I am trying to retrieve all instructions from a function's body that
are dependent on a specific argument. The strategy I am currently
using for that is to follow all uses of the argument and record them.
Also, whenever I encounter a store of a dependent value, I try to find
loads in the function that are dependent on that store and resume
use-tracking from there. For this purpose I am using the
MemoryDependenceAnalysis pass, but to be honest, I think I am not
using it correctly or not in the most efficient way.
Is such functionality - finding dependent instructions - present in
LLVM? If not, is there a more efficient way to determine dependent
instructions than like in the code below?

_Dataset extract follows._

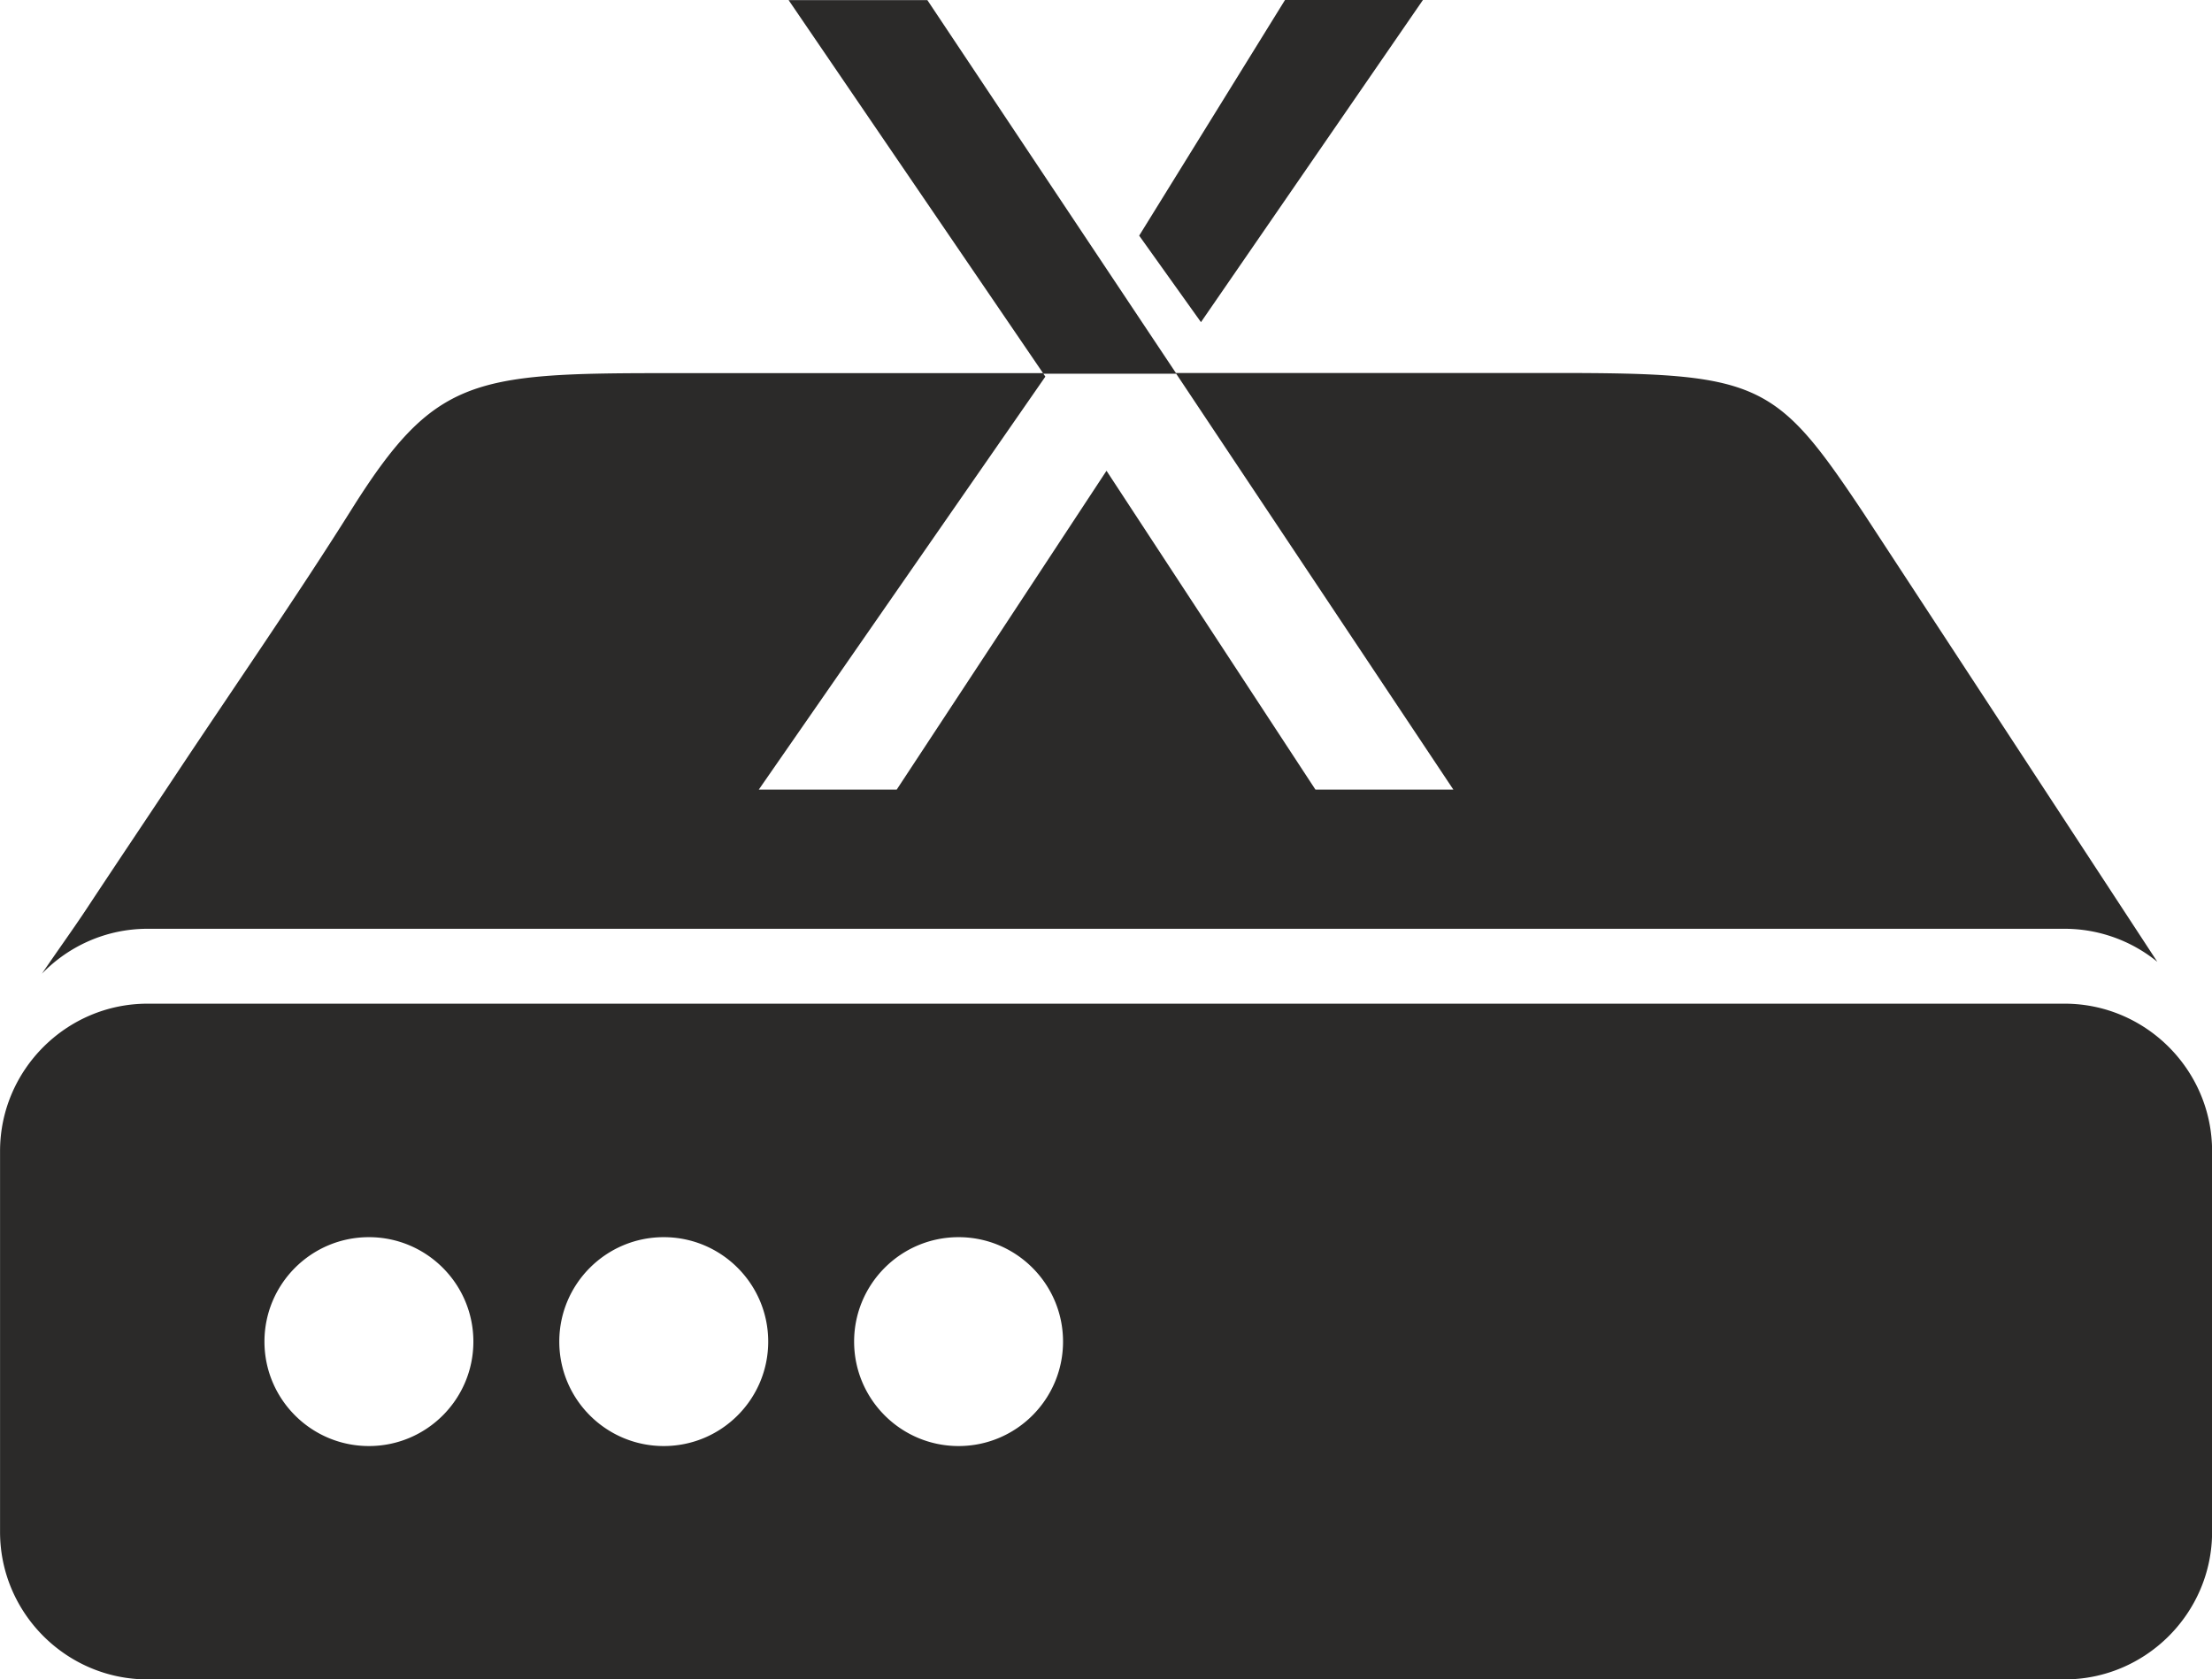<svg xmlns="http://www.w3.org/2000/svg" xml:space="preserve" width="15cm" height="430.515" style="shape-rendering:geometricPrecision;text-rendering:geometricPrecision;image-rendering:optimizeQuality;fill-rule:evenodd;clip-rule:evenodd" viewBox="0 0 152.67 115.94"><path d="M10.18 69.29H142.5c5.6 0 10.18 4.58 10.18 10.18v26.29c0 5.6-4.58 10.18-10.18 10.18H10.18c-5.6 0-10.18-4.58-10.18-10.18V79.47c0-5.6 4.58-10.18 10.18-10.18zM64 0l17.16 25.75h26.26c14.07 0 15.12.56 21.2 9.67L148.9 66.4a10.137 10.137 0 0 0-6.4-2.28H10.18c-2.85 0-5.44 1.19-7.29 3.1 1.08-1.59 2.2-3.14 3.09-4.49 2.06-3.12 3.91-5.87 6.11-9.18 3.82-5.76 8.45-12.45 12.17-18.38 5.66-9.01 8.3-9.41 21.46-9.41h26.27L54.43.01h9.58zm14.62 16.26 4.27 5.98L98.21 0h-9.52L78.63 16.26zm2.56 9.54 19.13 28.71h-9.52L76.37 32.5 61.89 54.51h-9.52L72.15 26l-.14-.2h9.17zM25.46 85.41c3.98 0 7.21 3.23 7.21 7.21s-3.23 7.21-7.21 7.21-7.21-3.23-7.21-7.21 3.23-7.21 7.21-7.21zm40.7 0c3.98 0 7.21 3.23 7.21 7.21s-3.23 7.21-7.21 7.21-7.21-3.23-7.21-7.21 3.23-7.21 7.21-7.21zm-20.35 0c3.98 0 7.21 3.23 7.21 7.21s-3.23 7.21-7.21 7.21-7.21-3.23-7.21-7.21 3.23-7.21 7.21-7.21z" style="fill:#2b2a29"/></svg>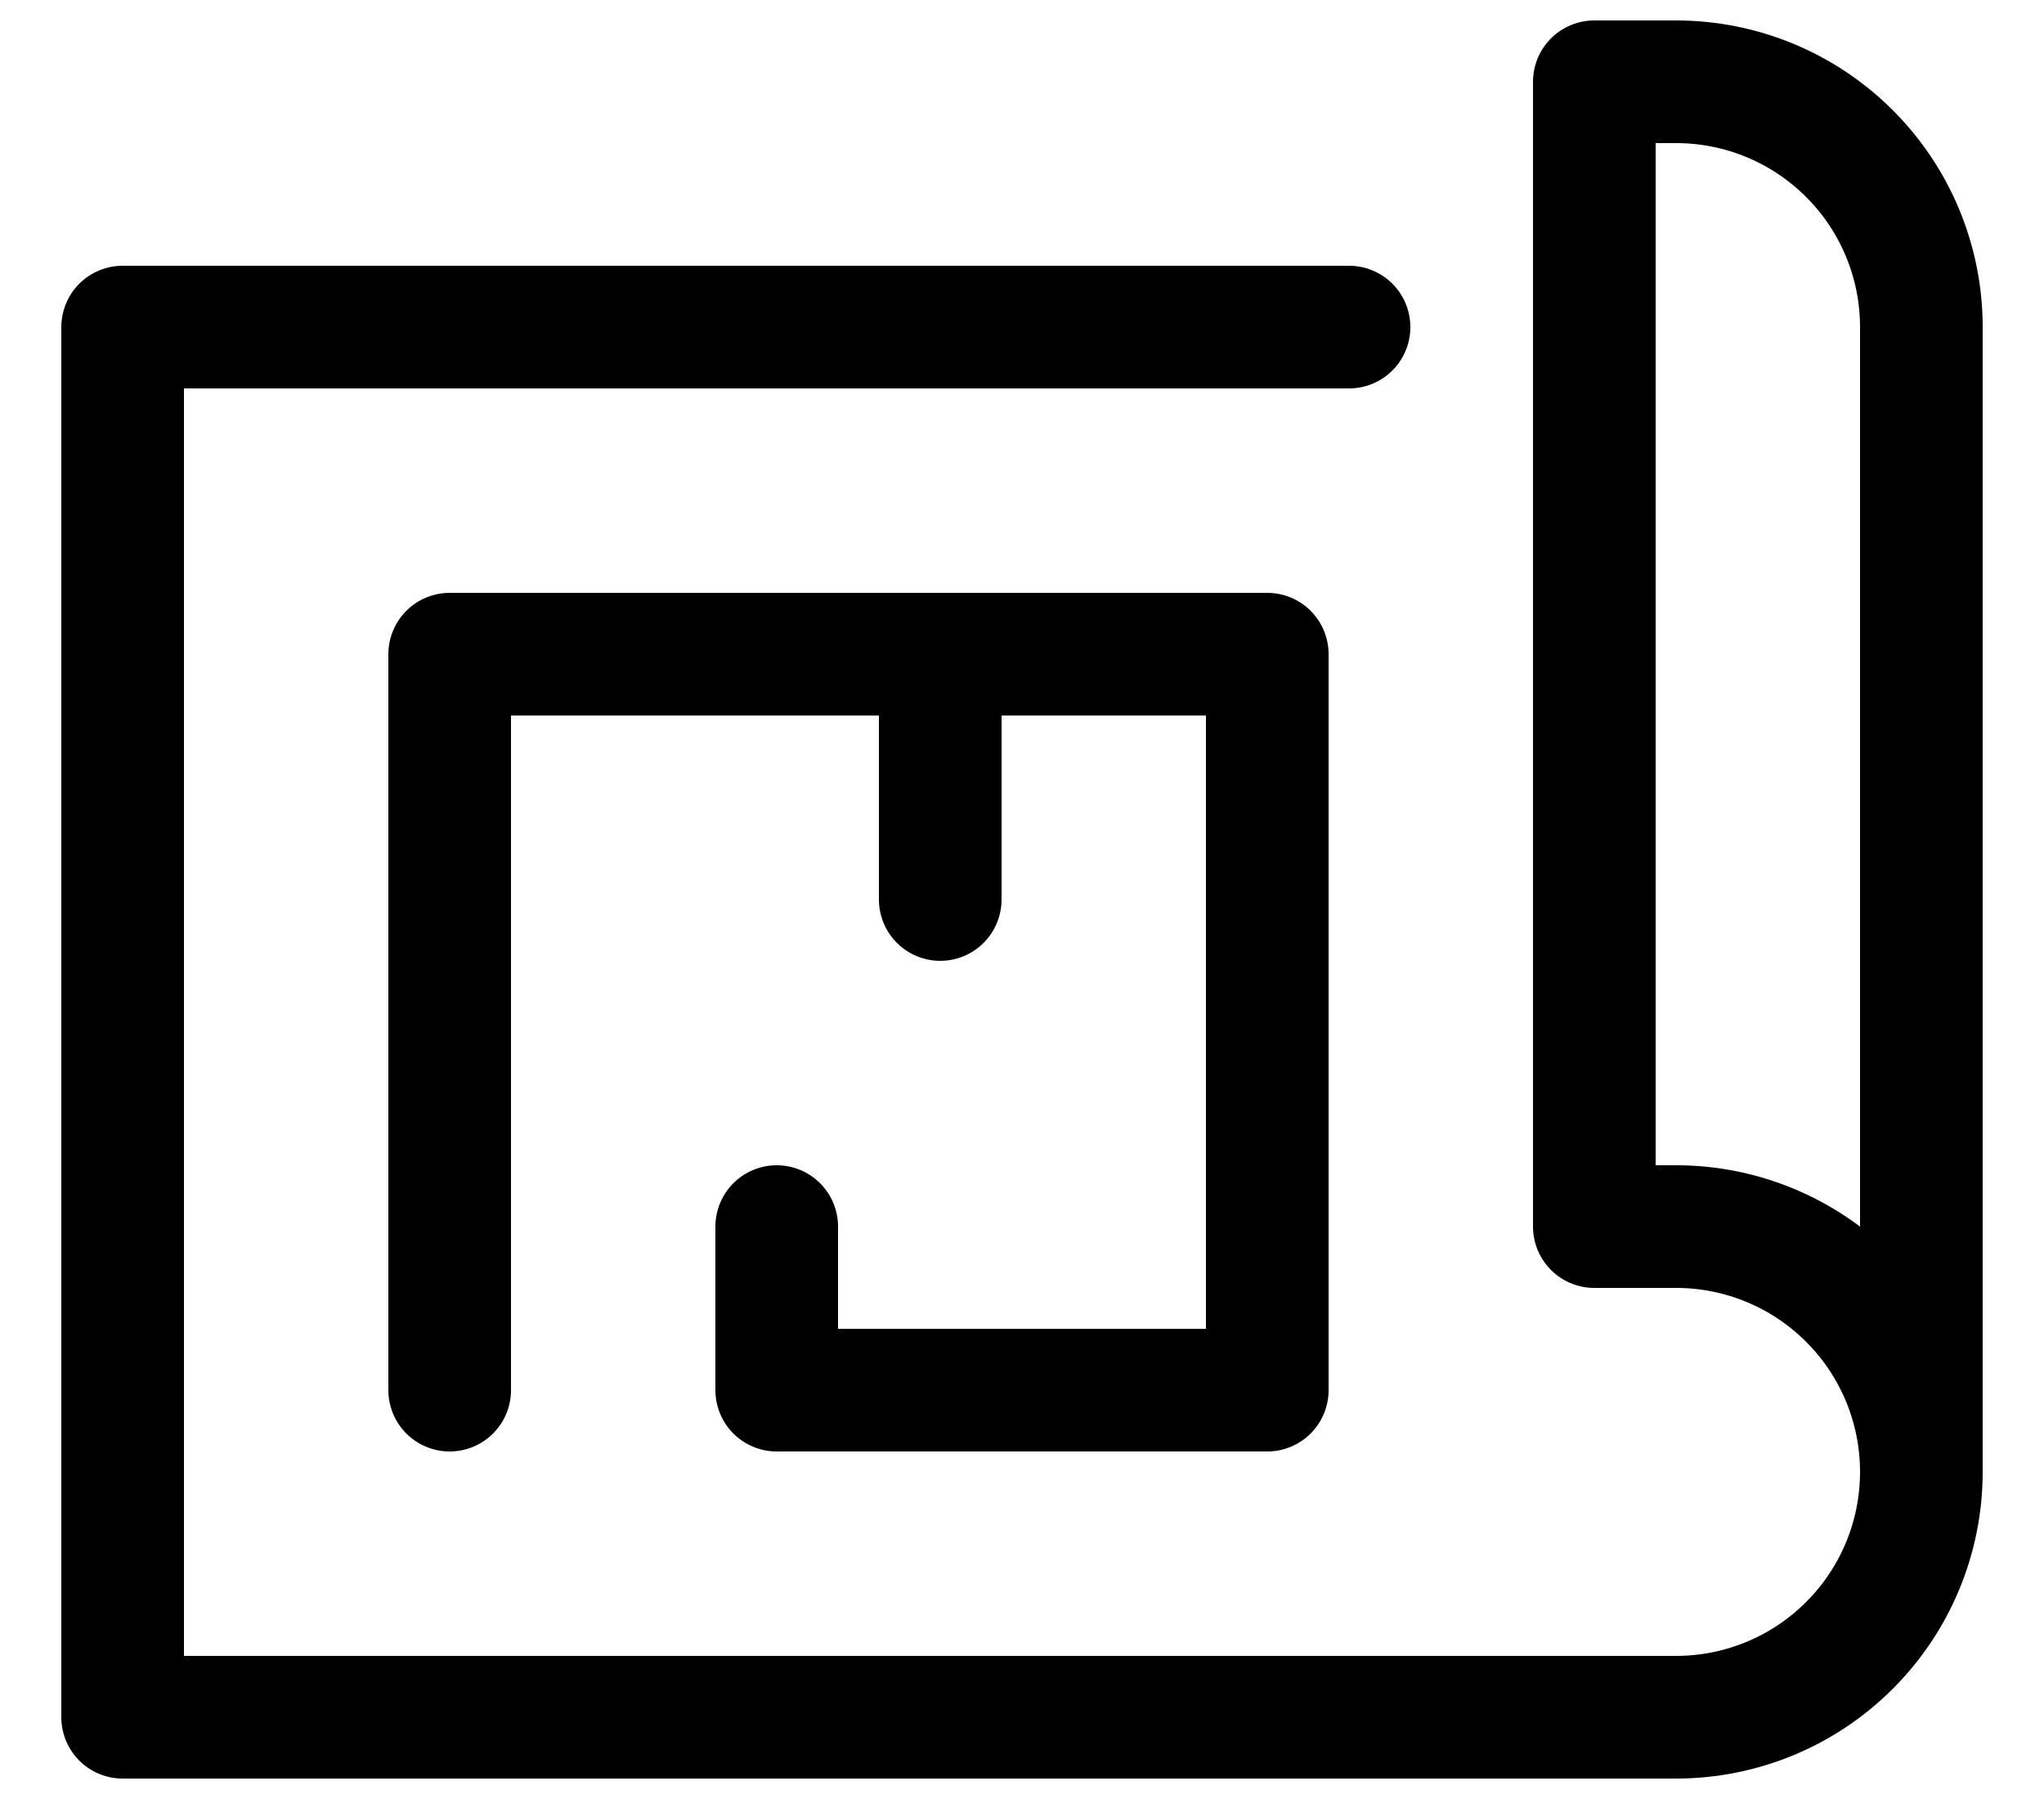 <svg width="25" height="22" viewBox="0 0 25 22" fill="none" xmlns="http://www.w3.org/2000/svg">
<path d="M23.5 18V4C23.5 3.204 23.184 2.441 22.621 1.879C22.059 1.316 21.296 1 20.5 1H19.5V15H20.5C21.296 15 22.059 15.316 22.621 15.879C23.184 16.441 23.5 17.204 23.5 18ZM23.5 18C23.5 18.796 23.184 19.559 22.621 20.121C22.059 20.684 21.296 21 20.5 21H1.5V4H16.5M9.5 15V17H15.5V8H5.5V17M11.5 11V8" stroke="black" stroke-width="1.5" stroke-linecap="round" stroke-linejoin="round"/>
</svg>

In particular, I'm wondering
if it is possible to find all loads that depend on a particular store
more efficiently?
Thank you,
Stephan
    llvm::DenseSet<llvm::Instruction *> findDependents(llvm::Argument
*arg, llvm::Function *func)
    {
      std::vector<llvm::Instruction *> workList;
      for(llvm::Argument::use_iterator I = arg->use_begin(), E
arg->use_end(); I != E; ++I)
      {
        if(llvm::Instruction *user =
llvm::dyn_cast<llvm::Instruction>(*I))
          workList.push_back(user);
      }
      llvm::FunctionPassManager fpm(func->getParent());
      llvm::MemoryDependenceAnalysis *mda = new
llvm::MemoryDependenceAnalysis();
      fpm.add(mda);
      fpm.run(*func);
      // find all loads in the current function
      std::list<llvm::LoadInst *> loads;
      for(llvm::Function::iterator I = func->begin(), E = func->end();
I != E; ++I)
      {
        for(llvm::BasicBlock::iterator II = I->begin(), EE = I->end();
II != EE; ++II)
        {
          if(llvm::LoadInst *load = llvm::dyn_cast<llvm::LoadInst>(II))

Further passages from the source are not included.